🆘 Flooding Rescue Voice Assistant - Personal Diary
Course: COMP4461 Human-Computer Interaction
Project: Project 2 - Flooding Rescue Voice Assistant
Role: Full-stack Developer & Chat Agent Designer
—
📋 Project Overview
This project is a Flooding Rescue Voice Assistant designed to help emergency dispatchers efficiently collect critical information from flood victims while providing real-time guidance and emotional support. The system integrates Automatic Speech Recognition (ASR), Large Language Models (LLM), and Text-to-Speech (TTS) technologies to create a natural, conversational voice interface.
Key Features:
- 🎤 Real-time voice recognition and transcription
- 🤖 Intelligent conversation management with context awareness
- 🔊 Natural voice synthesis for system responses
- 📊 Automatic information extraction and prioritization
- 🚨 Dynamic urgency status assessment
- 🗺️ ETA calculation and safe location recommendations
🎯 My Contributions
1. Complete Chat Agent Architecture Design (100% ownership)
I was responsible for the entire conversational AI system design, from the initial concept to the final implementation. This included:
- System architecture design: Designing the multi-layered conversation flow
- Prompt engineering: Crafting effective system prompts for different scenarios
- Information extraction logic: Implementing intelligent data parsing from natural language
- State management: Building a robust session management system
- Error handling: Ensuring graceful degradation when components fail
2. Frontend-Backend Integration (100% ownership)

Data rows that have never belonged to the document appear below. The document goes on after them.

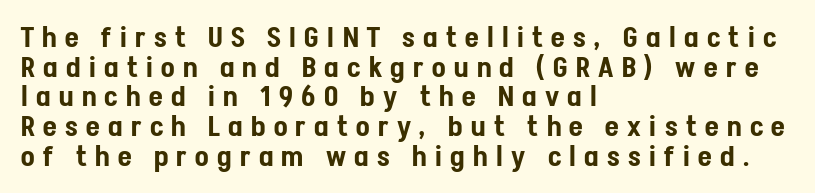
Stroke terminals: plain, sans-serif. Do the characters align in a grid? No, the font is proportional. Loose tracking; the words dissolve into strings of separated letters. The specimen reads as upright at a glance. Short and long lines alike share a common starting point at left. Leading is clearly below the norm, producing a dense column.
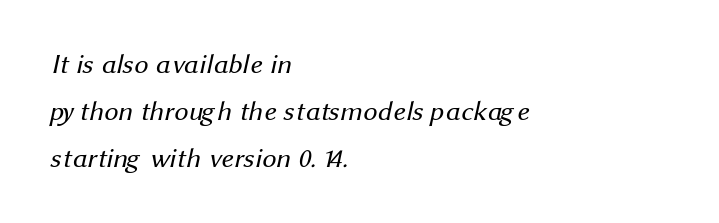
Q: Is the text bold? A: No.
Q: Is the typeface a serif or a sans-serif typeface? A: Sans-serif.
Q: Is the text underlined? A: No.
Q: How is the paragraph aligned? A: Left-aligned.
Q: Is the spacing between letters normal or unusually wide? A: Normal.
Q: Is the spacing between lines tight, normal or loose? A: Normal.
Q: Width (condensed, normal, or wide)? A: Normal.
Q: Stroke contrast? A: Medium.
Q: x-height? A: Medium.
Q: Monospaced? A: No.
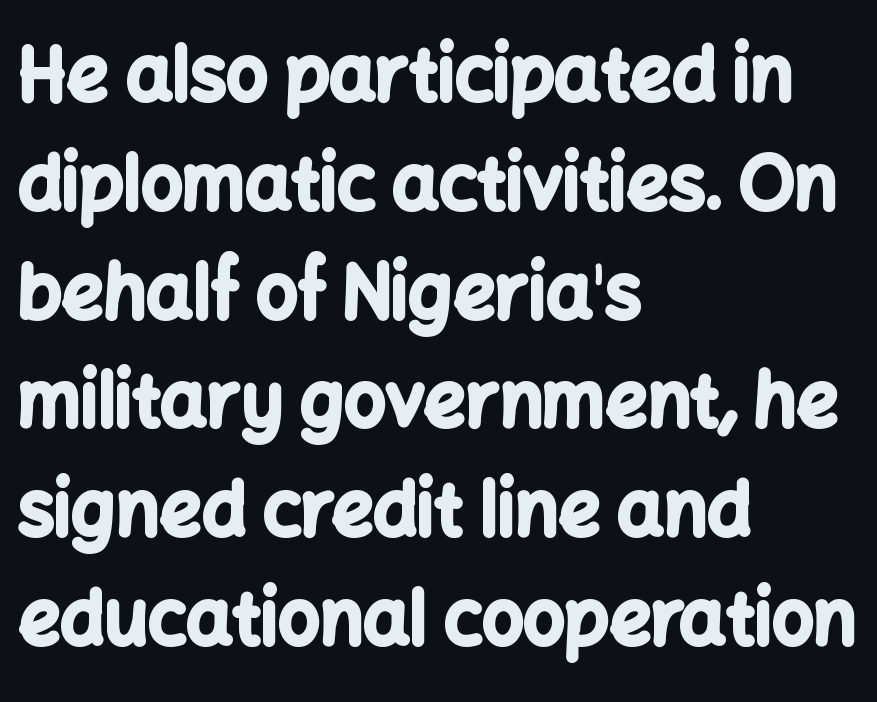
Q: Is the text bold? A: Yes.
Q: Is the text italic (slanted)? A: No, it is upright.
Q: Is the typeface a serif or a sans-serif typeface? A: Sans-serif.
Q: Is the text underlined? A: No.
Q: How is the paragraph aligned? A: Left-aligned.
Q: Is the spacing between letters normal or unusually wide? A: Normal.
Q: Is the spacing between lines tight, normal or loose? A: Normal.
Q: Width (condensed, normal, or wide)? A: Normal.
Q: Stroke contrast? A: Low.
Q: x-height? A: Medium.
Q: Monospaced? A: No.

I integrated the frontend user interface with the backend AI services, including:
- WebSocket implementation for real-time audio streaming
- REST API design for message handling and status updates
- CORS configuration for cross-origin requests
- SSL certificate generation for secure HTTPS connections
- Audio file management for TTS output delivery
🔄 Chat Agent Design: The Iteration Journey
Version 1.0: Basic Streamlit Interface (chat.py)
Design Philosophy: Start simple with a GUI-based prototype
Key Features:
# Initial approach: Direct streaming TTS
def voice_chat_worker(config, stop_event):
# Simple conversation loop
while not stop_event.is_set():
text = asr.get_result()
if text:
response = llm.chat(text)
tts.streaming_synthesize(response)
User Need Consideration:
- Visual feedback: Users need to see their conversation history
- Control interface: Simple START/STOP buttons for easy operation
- Status indicators: Real-time priority score and information collection status
Challenges Identified:
- ❌ Rigid conversation flow: No context awareness between turns
- ❌ Redundant questions: System repeatedly asks for already-provided information
- ❌ Limited scalability: Single-session only, no multi-user support
Version 2.0: Intelligent Context Management (chat.py - Enhanced)

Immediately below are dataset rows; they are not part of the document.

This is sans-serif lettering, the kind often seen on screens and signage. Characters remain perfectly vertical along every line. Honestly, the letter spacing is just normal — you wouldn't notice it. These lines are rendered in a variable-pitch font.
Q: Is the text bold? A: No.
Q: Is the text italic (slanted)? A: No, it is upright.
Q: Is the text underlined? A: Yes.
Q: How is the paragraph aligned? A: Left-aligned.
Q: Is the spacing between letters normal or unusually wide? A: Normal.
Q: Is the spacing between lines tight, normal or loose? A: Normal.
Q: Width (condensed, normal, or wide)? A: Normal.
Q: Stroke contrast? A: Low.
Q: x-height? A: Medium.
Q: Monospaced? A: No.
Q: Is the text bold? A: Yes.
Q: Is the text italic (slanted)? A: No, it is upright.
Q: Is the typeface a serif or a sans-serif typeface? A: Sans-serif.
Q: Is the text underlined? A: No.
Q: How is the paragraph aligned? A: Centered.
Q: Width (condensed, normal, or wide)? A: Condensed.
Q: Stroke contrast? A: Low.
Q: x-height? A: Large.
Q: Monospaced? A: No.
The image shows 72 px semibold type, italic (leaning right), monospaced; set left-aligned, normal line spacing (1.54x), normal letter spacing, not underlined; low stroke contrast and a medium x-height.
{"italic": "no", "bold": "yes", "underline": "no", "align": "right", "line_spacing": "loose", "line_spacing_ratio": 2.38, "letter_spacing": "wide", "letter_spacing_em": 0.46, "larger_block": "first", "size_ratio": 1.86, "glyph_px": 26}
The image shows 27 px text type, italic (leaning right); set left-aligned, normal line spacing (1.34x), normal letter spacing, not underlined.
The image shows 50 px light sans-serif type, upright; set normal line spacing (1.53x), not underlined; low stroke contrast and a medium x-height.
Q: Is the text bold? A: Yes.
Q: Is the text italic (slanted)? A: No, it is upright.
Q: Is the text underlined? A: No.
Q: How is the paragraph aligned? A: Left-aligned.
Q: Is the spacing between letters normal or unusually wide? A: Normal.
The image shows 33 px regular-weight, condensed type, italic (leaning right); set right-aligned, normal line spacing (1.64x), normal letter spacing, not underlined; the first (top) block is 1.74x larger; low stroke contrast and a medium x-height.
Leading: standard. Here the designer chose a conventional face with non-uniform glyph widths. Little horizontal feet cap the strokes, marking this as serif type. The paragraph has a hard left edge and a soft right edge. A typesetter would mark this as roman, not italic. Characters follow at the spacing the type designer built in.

Design Evolution: Add memory and context tracking
Key Improvements:
def extract_rescue_info(text: str) -> Dict[str, Any]:
"""Extract rescue-related information from user text."""
# Comprehensive keyword matching for:
# - Number of people (with "alone" detection)

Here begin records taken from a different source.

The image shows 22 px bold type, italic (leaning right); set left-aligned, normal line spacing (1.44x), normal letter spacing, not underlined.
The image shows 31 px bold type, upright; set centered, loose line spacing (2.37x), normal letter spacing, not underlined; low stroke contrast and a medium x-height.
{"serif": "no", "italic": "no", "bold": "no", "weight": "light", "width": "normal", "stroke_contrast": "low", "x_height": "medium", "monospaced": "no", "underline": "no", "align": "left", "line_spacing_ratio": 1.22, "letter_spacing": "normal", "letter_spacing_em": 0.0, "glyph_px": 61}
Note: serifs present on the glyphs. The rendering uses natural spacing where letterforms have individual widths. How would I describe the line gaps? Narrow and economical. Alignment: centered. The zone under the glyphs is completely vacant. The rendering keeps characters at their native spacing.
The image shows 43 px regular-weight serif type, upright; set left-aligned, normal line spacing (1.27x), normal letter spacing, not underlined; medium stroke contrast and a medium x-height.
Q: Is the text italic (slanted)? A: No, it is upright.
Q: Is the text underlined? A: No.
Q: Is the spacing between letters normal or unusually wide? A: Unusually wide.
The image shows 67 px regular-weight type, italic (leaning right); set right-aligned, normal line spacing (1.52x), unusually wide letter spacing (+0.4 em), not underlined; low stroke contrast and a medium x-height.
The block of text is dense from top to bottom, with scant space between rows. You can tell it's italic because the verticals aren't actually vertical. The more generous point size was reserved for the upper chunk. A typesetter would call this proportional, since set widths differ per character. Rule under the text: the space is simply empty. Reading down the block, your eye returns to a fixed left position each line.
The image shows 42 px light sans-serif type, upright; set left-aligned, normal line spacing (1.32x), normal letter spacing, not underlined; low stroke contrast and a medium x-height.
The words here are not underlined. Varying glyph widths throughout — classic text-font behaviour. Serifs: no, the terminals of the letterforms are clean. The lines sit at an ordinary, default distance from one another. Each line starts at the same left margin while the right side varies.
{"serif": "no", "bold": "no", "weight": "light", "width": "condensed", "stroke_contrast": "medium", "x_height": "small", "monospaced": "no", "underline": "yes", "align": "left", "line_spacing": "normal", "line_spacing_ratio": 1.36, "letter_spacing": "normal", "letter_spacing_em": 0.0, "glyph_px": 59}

# - Injury status (with negation handling)
# - Water level indicators
# - Vulnerable populations
# - Available resources
User Need Consideration:
- Avoid repetition: Track what information has been collected
- Smart inference: If user says “I’m alone”, infer num_people = 1
- Negative detection: Understand “no one injured” vs “someone injured”
Example:
# Before: Dumb extraction
if "injured" in text:
info["has_injury"] = True # Wrong if user says "no one injured"
# After: Smart extraction with negation handling
no_injury_patterns = [
"no one injured", "not injured", "we're fine", "not hurt"
]
if any(pattern in text_lower for pattern in no_injury_patterns):
info["has_injury"] = False # ✅ Correctly handles negation
elif any(keyword in text_lower for keyword in injury_keywords):
info["has_injury"] = True
Challenges Identified:
- ❌ Pattern matching limitations: Can’t handle complex linguistic variations
- ❌ No web access: Limited to localhost
- ❌ Missing frontend separation: Hard to customize UI
Version 3.0: LLM-Powered Conversation (final_version_with_frontend.py)
Design Revolution: Replace rule-based logic with LLM intelligence
Architectural Shift:
def get_llm_rescue_response(user_text: str) -> Dict[str, Any]:
"""Use LLM to handle conversation and information extraction"""
# Build conversation history
messages = [{"role": "system", "content": system_prompt}]
recent_history = session.conversation_history[-10:] # Keep context
for msg in recent_history:
messages.append(msg)
# Let LLM maintain conversation naturally
response = llm.generate_from_messages(messages)
System Prompt Engineering:
system_prompt = """You are a professional flood rescue assistant.
CONVERSATION STYLE:
- Ask ONLY 1-2 questions at a time, like a real person would
- Keep your response brief (2-3 sentences maximum)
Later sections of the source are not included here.